Memory Traces: The Intellectual Work of the Line in Leonardo da Vinci’s Drawing Practice

Research Seminar

  • Public event without registration
  • Date: Oct 23, 2024
  • Time: 05:00 PM - 07:00 PM (Local Time Germany)
  • Speakers: Nicola Suthor and Lorenza Melli
  • Location: Villino Stroganoff
  • Contact: lea.greenberg@biblhertz.it
Memory Traces: The Intellectual Work of the Line in Leonardo da Vinci’s Drawing Practice
In this conversation, two experts from the field of Renaissance art history examine drawings by Leonardo da Vinci and uncover a particular workshop practice of the artist.
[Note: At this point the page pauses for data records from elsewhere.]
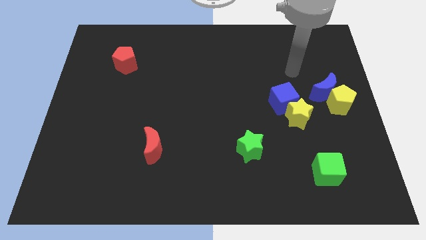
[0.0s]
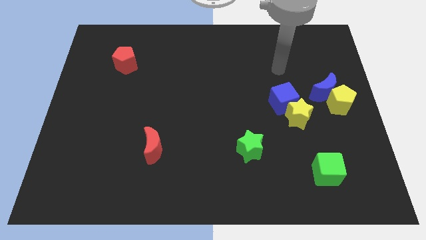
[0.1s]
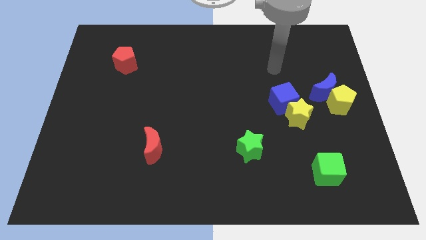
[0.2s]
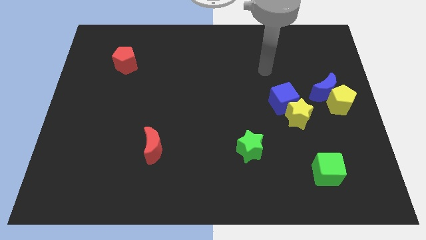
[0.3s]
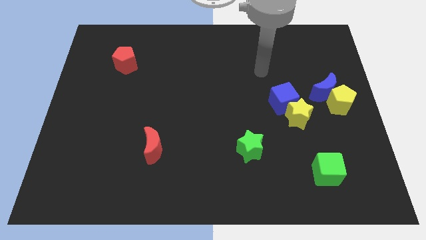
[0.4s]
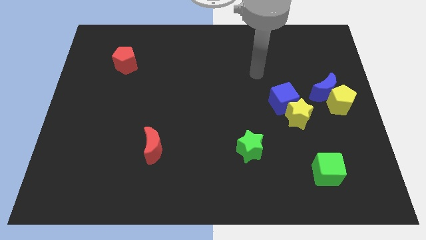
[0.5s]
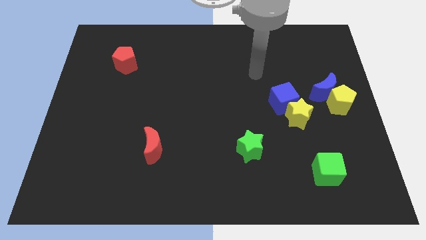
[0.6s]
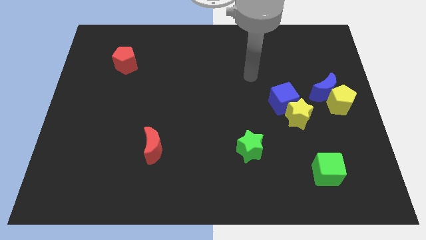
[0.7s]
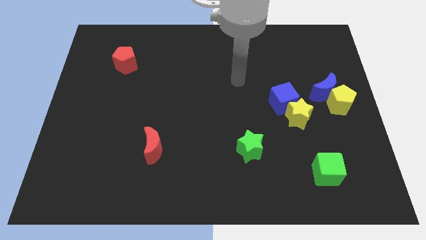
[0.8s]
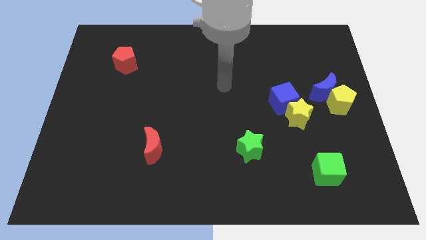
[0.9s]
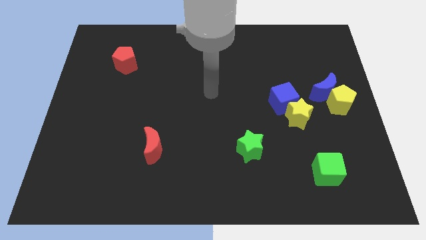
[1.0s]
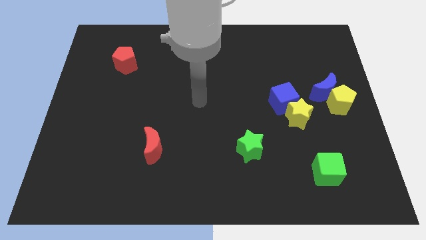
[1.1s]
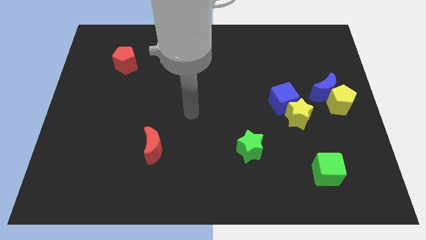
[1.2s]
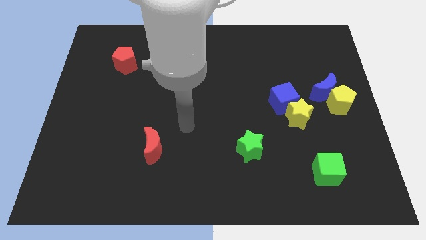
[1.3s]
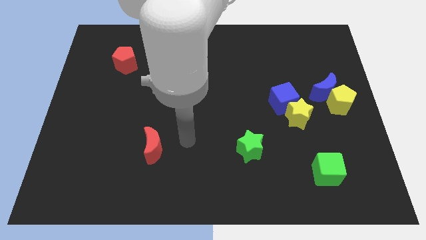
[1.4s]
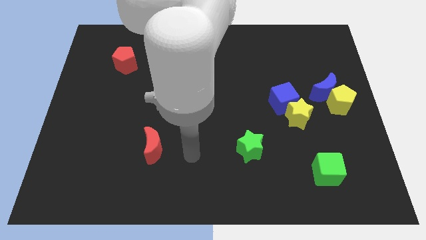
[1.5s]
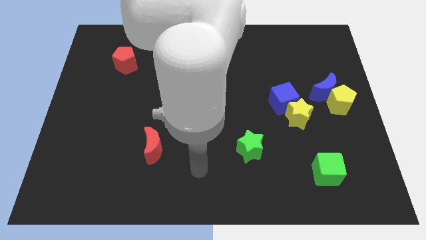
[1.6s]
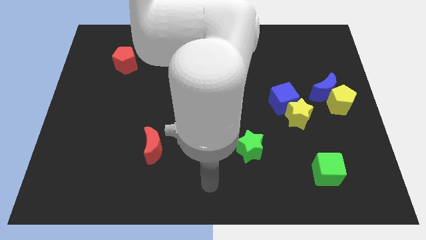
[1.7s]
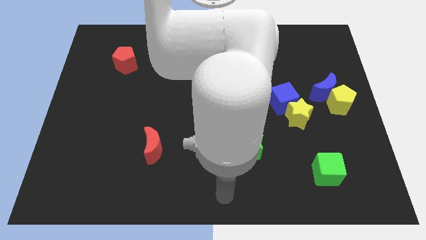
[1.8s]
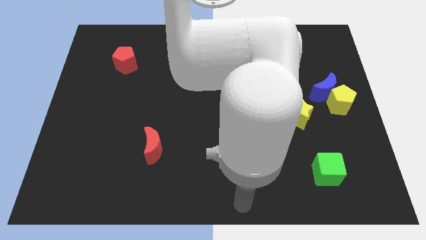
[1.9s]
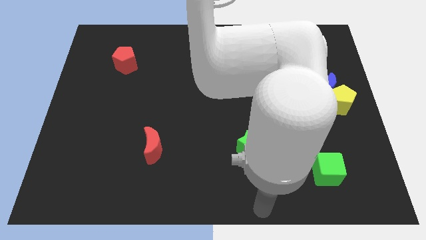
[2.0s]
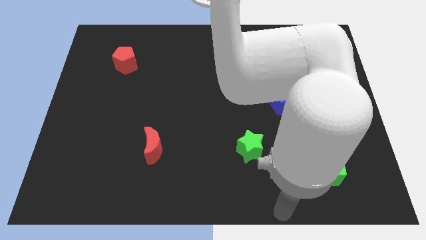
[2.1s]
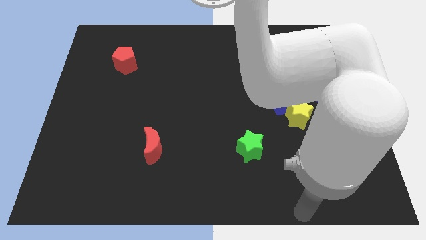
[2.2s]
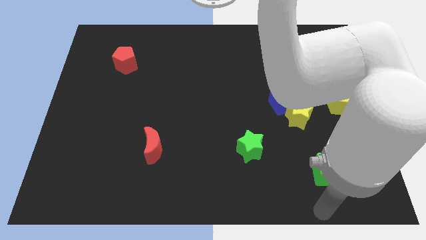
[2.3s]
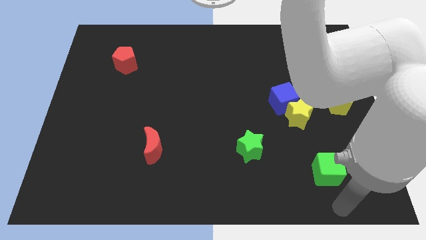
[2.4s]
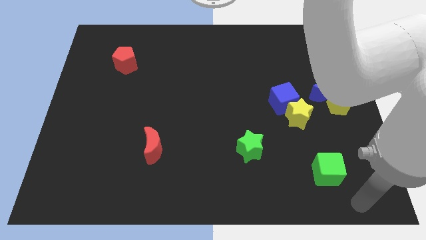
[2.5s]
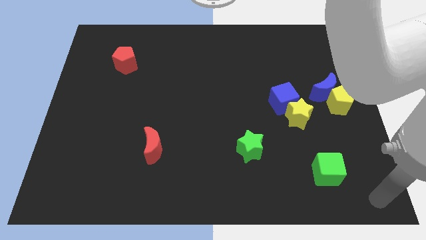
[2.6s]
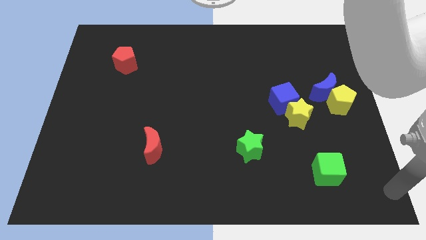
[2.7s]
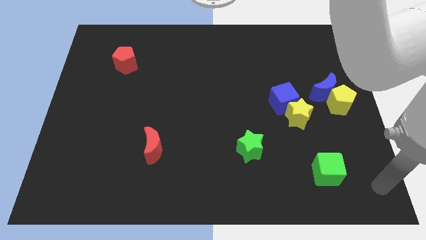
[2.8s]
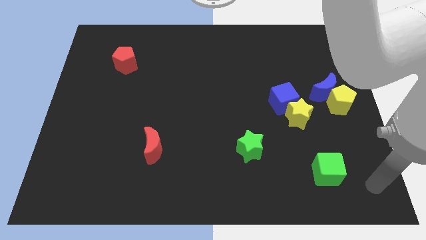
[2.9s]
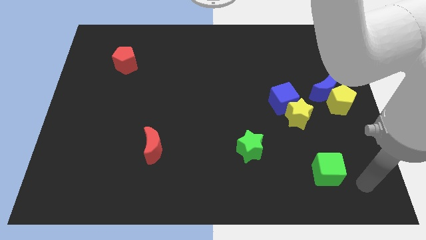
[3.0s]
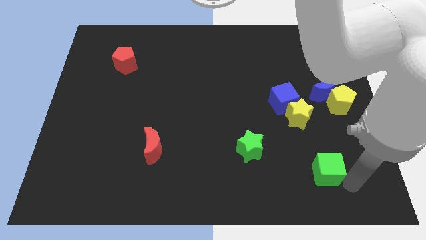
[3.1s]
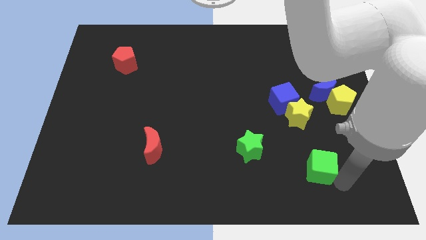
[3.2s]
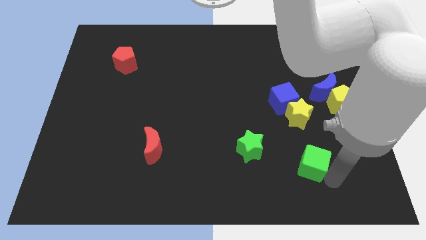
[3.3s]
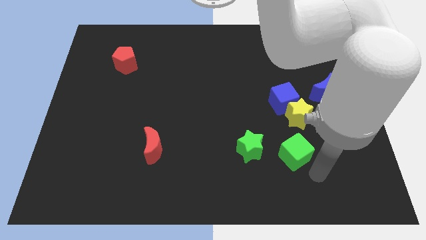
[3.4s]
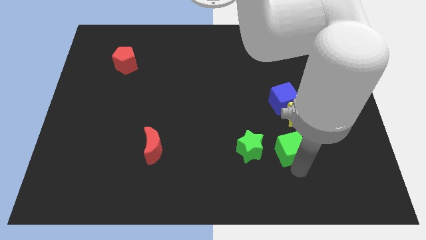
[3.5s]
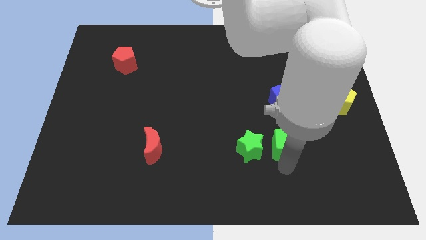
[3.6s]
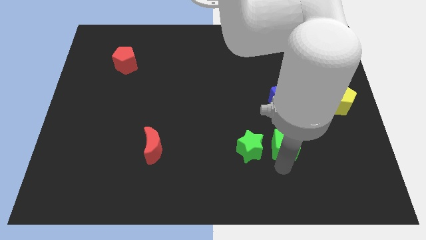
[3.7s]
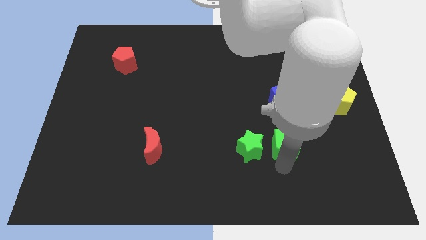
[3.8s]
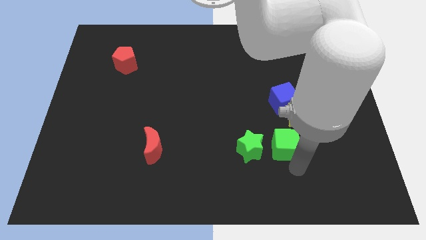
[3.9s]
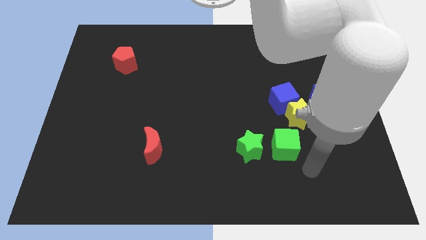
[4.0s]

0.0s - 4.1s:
push the green cube to the right of the green star

The lecture is dedicated to Leonardo da Vinci’s appropriation of a workshop practice that is generally considered unartistic, the tracing of a graphic template. We will look closely at two drawings, one sketch and one study, to examine how this practice guided a thought process by which Leonardo sought to emancipate himself from his artistic model.
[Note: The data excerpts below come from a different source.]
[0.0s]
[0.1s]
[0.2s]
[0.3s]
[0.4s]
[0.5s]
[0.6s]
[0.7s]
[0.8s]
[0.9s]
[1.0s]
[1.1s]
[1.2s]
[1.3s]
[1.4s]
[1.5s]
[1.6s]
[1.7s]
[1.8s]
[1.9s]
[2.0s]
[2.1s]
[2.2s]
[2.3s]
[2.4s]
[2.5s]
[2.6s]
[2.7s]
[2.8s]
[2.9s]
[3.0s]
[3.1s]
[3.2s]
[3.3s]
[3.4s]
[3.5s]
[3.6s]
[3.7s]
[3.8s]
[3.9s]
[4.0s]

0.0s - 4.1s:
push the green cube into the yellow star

Nicola Suthor teaches Northern and Southern Baroque art at the Yale Department of the History of Art. She looks into the periods of the Renaissance and Enlightenment for a deeper understanding of the 17th century. Her art historical approach deals with ancient as well contemporary aesthetics and art theories as theoretical framework. Her present research project, “Meta/physics of Drawing: Trains of Thought and the Artist’s Line,” is concerned with the 17th-century practice of sketching.


Lorenza Melli is an expert on the history of 15th-century Italian drawing. She studied at the University of Florence with Mina Gregori and has taught on the history of drawing at the University of Pennsylvania and the University of Florence. She is curator of conferences and collections of studies, having collaborated on national and international exhibitions with essays and entries on the drawings on display. Currently she is preparing the Corpora of Botticelli’s and Verrocchio's drawings.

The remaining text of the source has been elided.